- [PROBLEM]: Reading down the listing below, count the lines where the word "Supported" shows up, then give only that count.

══ SUPPLIED RECORDS

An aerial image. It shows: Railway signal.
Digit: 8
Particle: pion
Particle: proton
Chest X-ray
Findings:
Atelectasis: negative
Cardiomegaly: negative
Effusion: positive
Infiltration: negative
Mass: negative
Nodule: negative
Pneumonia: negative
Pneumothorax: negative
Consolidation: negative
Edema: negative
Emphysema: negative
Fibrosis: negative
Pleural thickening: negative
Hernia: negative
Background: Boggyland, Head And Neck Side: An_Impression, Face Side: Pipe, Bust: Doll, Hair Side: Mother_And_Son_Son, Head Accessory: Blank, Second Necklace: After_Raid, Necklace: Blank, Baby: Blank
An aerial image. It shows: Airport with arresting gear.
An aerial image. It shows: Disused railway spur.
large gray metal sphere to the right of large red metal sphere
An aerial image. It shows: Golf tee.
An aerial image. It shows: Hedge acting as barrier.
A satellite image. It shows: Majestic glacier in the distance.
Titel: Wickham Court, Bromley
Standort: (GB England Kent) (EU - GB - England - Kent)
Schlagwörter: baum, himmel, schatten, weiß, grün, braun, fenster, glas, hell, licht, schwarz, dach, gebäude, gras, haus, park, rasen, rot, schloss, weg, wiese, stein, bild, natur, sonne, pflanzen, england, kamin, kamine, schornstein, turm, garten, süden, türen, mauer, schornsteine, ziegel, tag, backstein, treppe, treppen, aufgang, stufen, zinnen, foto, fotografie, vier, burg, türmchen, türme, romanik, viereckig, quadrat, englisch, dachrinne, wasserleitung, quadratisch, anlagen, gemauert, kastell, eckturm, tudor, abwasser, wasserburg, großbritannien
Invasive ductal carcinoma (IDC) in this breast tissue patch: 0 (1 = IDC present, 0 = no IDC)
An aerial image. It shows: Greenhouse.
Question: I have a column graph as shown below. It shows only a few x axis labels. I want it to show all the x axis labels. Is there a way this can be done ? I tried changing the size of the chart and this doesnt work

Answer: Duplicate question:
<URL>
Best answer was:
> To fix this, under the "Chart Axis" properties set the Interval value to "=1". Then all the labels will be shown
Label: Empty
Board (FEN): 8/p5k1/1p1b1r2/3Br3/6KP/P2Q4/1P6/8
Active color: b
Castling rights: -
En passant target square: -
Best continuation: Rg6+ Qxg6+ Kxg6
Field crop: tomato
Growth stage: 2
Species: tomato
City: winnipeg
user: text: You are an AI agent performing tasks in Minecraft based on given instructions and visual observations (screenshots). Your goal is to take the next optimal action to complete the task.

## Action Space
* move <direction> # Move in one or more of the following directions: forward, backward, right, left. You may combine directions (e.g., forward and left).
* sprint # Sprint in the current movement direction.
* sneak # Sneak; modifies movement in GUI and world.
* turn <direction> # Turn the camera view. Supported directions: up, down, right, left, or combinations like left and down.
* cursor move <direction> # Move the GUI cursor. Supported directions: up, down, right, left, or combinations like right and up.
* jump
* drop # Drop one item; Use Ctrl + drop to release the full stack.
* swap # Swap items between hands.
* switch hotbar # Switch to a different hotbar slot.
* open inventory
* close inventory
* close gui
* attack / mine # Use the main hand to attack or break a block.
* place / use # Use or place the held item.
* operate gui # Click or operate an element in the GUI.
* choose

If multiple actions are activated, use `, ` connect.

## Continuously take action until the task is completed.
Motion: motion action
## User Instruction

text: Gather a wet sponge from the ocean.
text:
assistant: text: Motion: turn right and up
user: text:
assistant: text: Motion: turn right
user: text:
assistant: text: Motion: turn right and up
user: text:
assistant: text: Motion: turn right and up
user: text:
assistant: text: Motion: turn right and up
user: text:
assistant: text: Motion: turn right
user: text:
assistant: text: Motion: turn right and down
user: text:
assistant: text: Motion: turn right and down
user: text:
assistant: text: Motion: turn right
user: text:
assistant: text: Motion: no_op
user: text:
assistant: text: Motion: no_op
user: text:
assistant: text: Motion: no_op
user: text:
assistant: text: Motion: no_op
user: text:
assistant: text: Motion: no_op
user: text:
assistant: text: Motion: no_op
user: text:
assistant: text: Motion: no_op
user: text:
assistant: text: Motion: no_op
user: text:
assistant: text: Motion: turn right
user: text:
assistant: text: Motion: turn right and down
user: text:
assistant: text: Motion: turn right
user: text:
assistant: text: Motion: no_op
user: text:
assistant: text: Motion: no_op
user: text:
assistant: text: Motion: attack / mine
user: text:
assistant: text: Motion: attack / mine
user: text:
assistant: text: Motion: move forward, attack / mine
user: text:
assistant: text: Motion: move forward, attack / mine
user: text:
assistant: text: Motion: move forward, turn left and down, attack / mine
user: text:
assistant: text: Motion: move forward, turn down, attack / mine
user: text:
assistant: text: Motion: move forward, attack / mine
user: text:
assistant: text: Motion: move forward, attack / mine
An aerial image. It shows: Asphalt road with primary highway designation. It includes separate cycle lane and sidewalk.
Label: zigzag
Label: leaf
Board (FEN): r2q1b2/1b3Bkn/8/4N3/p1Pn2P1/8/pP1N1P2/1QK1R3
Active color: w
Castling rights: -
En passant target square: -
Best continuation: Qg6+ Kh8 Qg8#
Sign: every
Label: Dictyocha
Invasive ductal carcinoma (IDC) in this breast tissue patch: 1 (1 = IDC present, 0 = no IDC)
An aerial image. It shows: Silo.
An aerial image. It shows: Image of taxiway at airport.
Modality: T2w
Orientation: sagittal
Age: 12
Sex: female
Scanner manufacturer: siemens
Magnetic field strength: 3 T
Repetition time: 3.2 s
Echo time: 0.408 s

════

- [SOLVED EXERCISE]: 2